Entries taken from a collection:
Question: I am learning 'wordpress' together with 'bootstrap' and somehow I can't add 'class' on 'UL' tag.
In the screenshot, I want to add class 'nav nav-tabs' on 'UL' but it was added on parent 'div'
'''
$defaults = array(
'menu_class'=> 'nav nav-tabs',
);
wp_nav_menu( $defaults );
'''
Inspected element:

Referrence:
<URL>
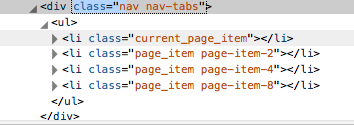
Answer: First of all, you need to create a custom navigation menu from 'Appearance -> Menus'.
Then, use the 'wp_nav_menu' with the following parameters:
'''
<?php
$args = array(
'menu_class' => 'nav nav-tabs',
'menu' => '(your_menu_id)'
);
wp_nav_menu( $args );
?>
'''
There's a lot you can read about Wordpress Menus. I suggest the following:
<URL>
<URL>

* * *

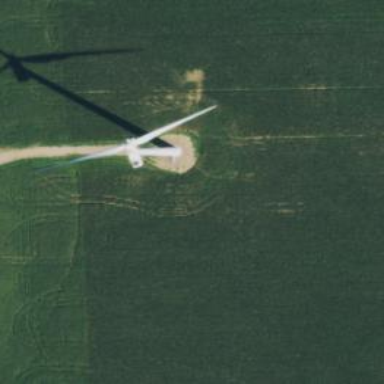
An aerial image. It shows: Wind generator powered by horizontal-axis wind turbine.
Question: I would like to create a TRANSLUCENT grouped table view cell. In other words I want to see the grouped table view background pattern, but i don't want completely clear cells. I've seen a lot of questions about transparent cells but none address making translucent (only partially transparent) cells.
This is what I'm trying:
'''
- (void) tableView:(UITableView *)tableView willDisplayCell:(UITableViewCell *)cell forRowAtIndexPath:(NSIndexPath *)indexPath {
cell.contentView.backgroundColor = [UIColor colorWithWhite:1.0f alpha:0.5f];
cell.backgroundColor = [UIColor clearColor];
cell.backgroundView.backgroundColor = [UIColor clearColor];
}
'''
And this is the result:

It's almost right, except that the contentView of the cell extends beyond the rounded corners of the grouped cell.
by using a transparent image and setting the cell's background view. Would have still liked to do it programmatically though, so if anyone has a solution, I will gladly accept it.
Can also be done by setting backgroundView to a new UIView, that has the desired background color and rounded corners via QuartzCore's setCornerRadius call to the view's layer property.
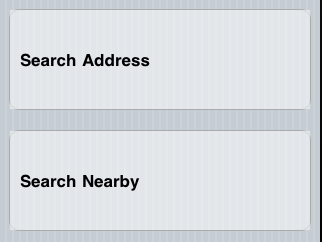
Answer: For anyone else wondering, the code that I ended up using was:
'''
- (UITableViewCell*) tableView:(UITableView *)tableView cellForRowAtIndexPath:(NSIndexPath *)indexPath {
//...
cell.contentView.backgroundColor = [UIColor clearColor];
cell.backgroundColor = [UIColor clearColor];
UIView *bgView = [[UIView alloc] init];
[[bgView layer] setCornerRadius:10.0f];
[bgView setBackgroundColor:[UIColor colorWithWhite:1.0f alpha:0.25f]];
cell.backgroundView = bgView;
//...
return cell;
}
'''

WHAT YOU ARE ASKED TO DO: Copy every line in the data above that has the string "transparent" in it.

ANSWER TO THIS TASK:
Question: I would like to create a TRANSLUCENT grouped table view cell. In other words I want to see the grouped table view background pattern, but i don't want completely clear cells. I've seen a lot of questions about transparent cells but none address making translucent (only partially transparent) cells.
by using a transparent image and setting the cell's background view. Would have still liked to do it programmatically though, so if anyone has a solution, I will gladly accept it.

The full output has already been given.